Judge Lucy Theis, who had to consider if Root had committed contempt of court, found that one of the issues raised was whether ‘posting a hyperlink to a judgment constitutes “publishing” that judgment’.

No binding authority

There was no binding UK authority on these questions, but counsel found a case from the Canadian supreme court and another from the supreme court of New South Wales. Both involved hyperlinks to allegedly defamatory material.

Theis said she found the majority decision in the Canadian case more compelling. In her view, making reference to the existence of something by hyperlink, without more, was ‘not publication of that content’.

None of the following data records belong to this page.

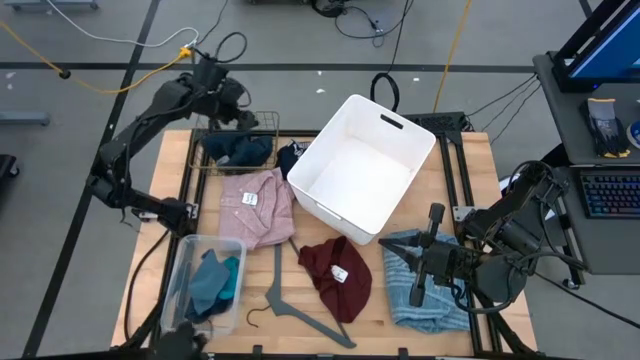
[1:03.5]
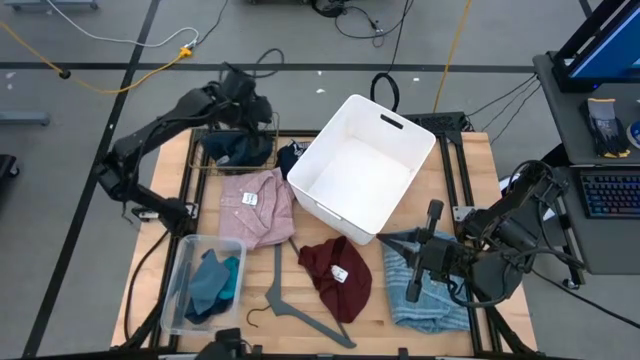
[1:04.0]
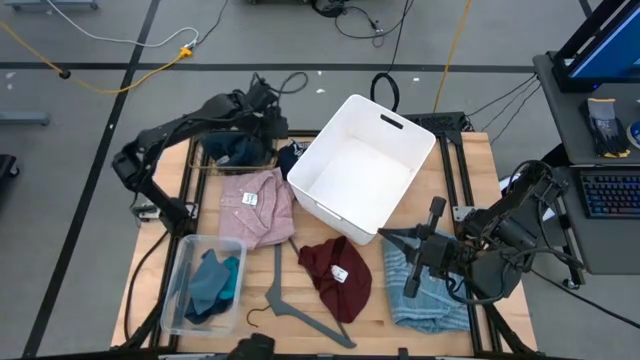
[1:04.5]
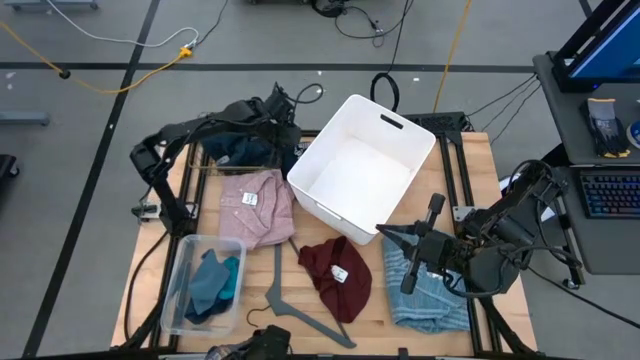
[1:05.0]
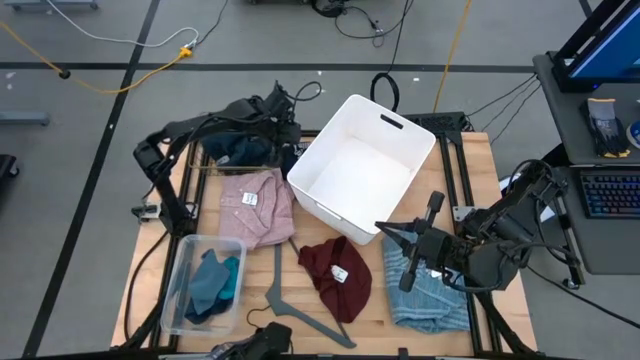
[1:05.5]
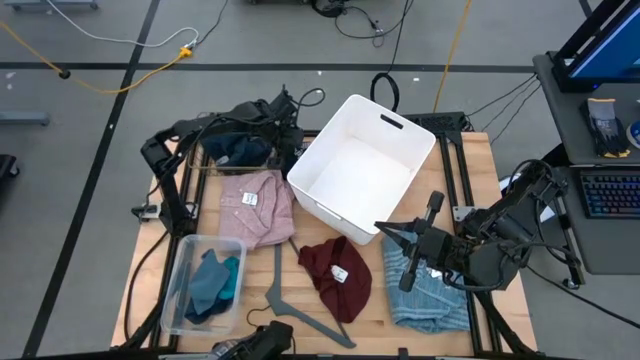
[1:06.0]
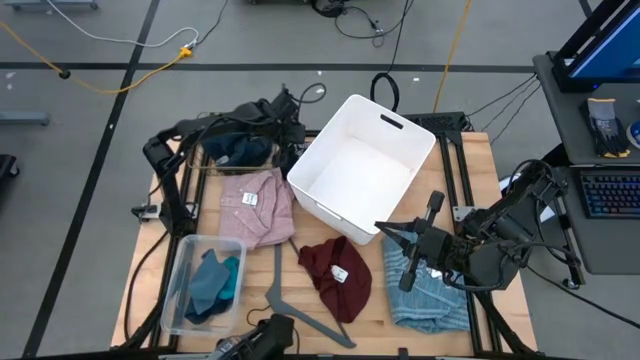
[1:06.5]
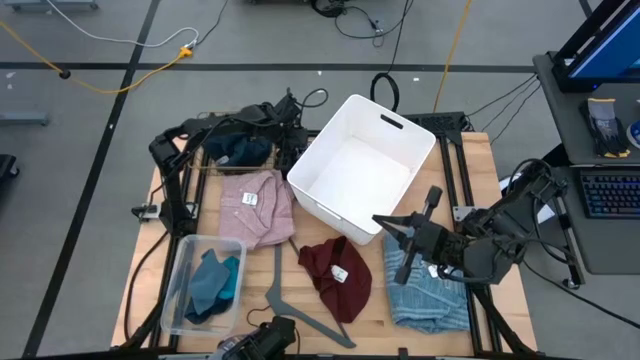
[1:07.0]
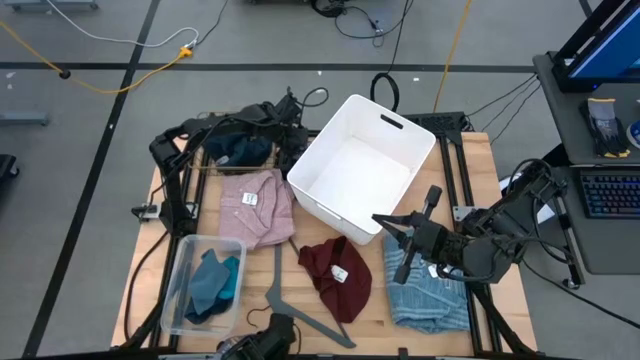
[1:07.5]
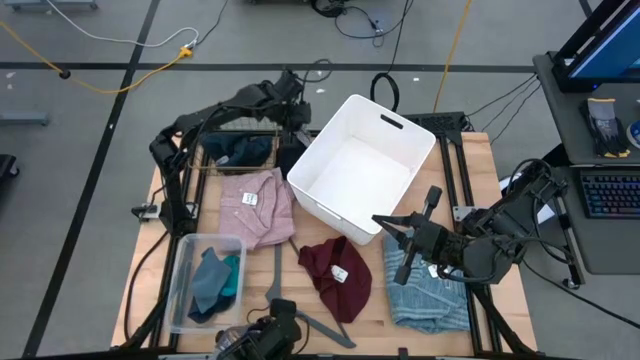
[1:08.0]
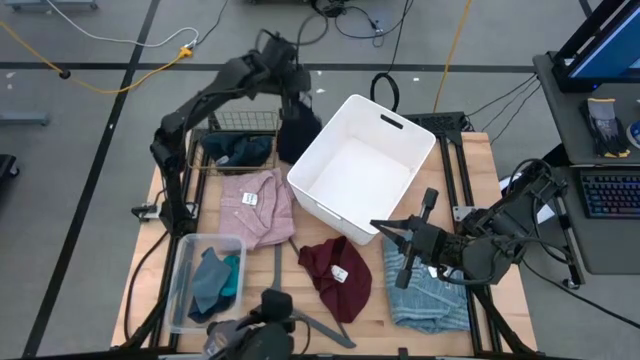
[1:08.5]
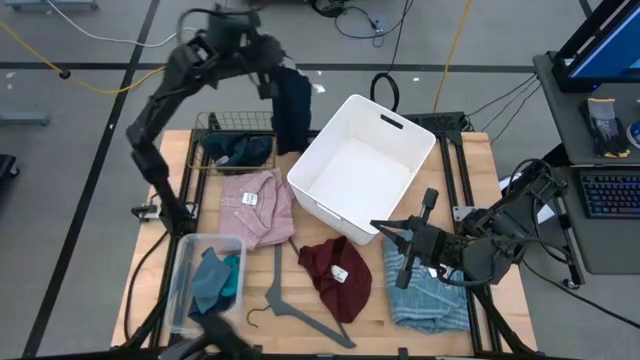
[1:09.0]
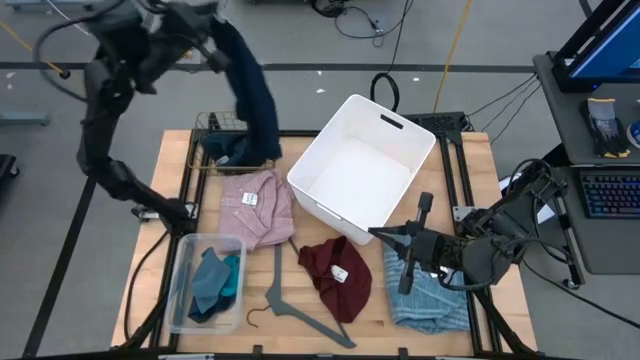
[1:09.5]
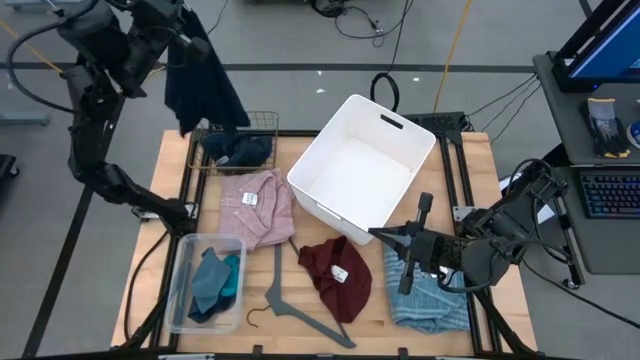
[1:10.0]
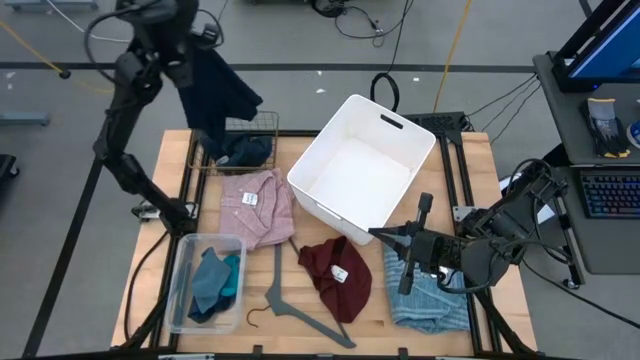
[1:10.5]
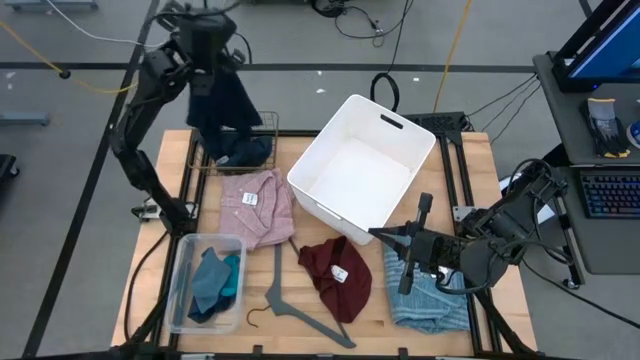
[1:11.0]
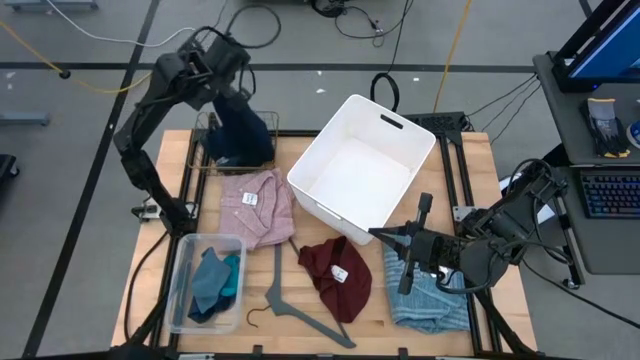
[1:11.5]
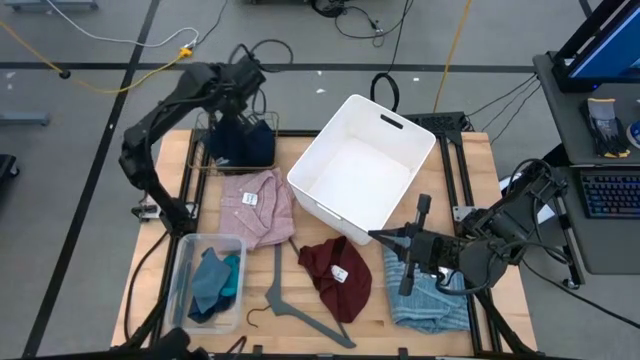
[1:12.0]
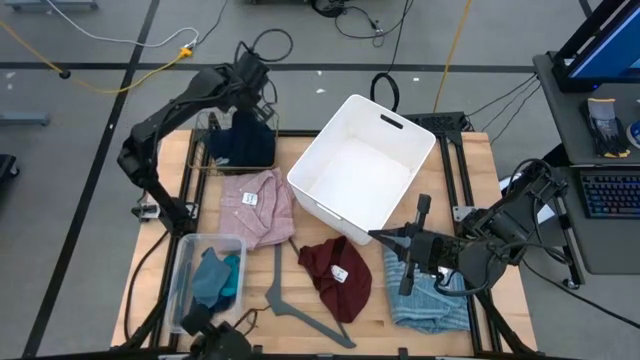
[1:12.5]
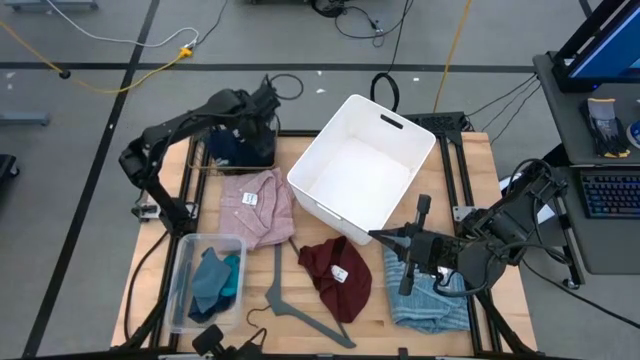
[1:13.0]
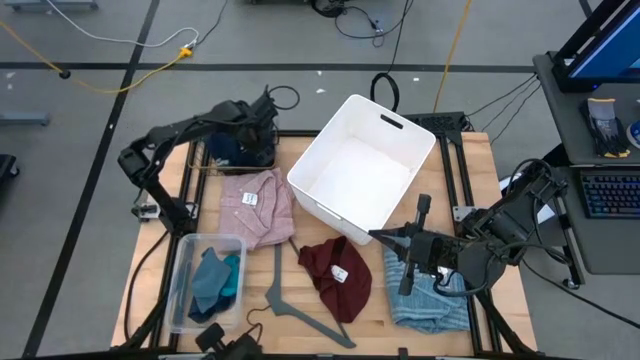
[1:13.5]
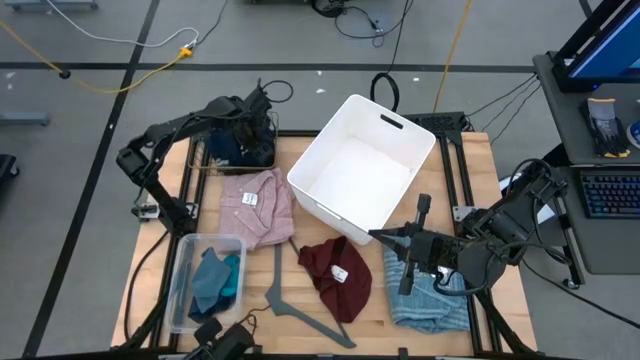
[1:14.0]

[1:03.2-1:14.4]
Task: Pick & Place Cloths
Put the blue underwear into the wire basket

The majority in the Canadian case said that a hyperlink communicated that something existed but that ‘a further act is required before access is gained to it.’ One of the minority in the judgment said that excluding hyperlinks from the scope of the publication rule was ‘an inadequate solution to the novel issues raised by the Internet’.

In the opinion of Theis, publication of the judgment citation with a hyperlink did not equate ‘with publishing the full judgment in connection with any identifying information relating to the children.’

Contempt

‘It comes very close, but in the circumstances where this court is dealing with proceedings involving contempt, the position needs to be unambiguous.’

Theis then suggested that in future, when judges considered orders such as those that had been made in this case, it would be sensible for the court to consider ‘whether there should be an express prohibition of publication of hyperlinks’.

A hyperlink, she found, was ‘a reference to the existence and/or location of the content, rather than publication of that content.’

Benefit

‘To get to the content a further step needs to be taken, namely, to click on the link. It is arguable that without clicking on the link there is no publication of it.’ Given that there were competing arguments in this as yet undecided area of the law, however, Root ‘should be given the benefit of that uncertainty’.

But there were other postings on Root’s Facebook page that were clear breaches of the court orders, including photographs and names of the children, and the court sentenced her to an effective nine months in prison for contempt.

Printed in red

Having reached the end of the judgment I went back to the top again, to the reporting restrictions order, printed in red, that heads a decision on family or other matters where the court believes it in the interests of justice or the parties that anonymity should be ensured. The restriction order in the Root’s case, however, was slightly different from the usual form.

Heeding her own advice in the judgment that followed, the judge had added that neither the judgment nor ‘hyperlinks or citations to the judgment’, could be published in a way that named the children or identified them.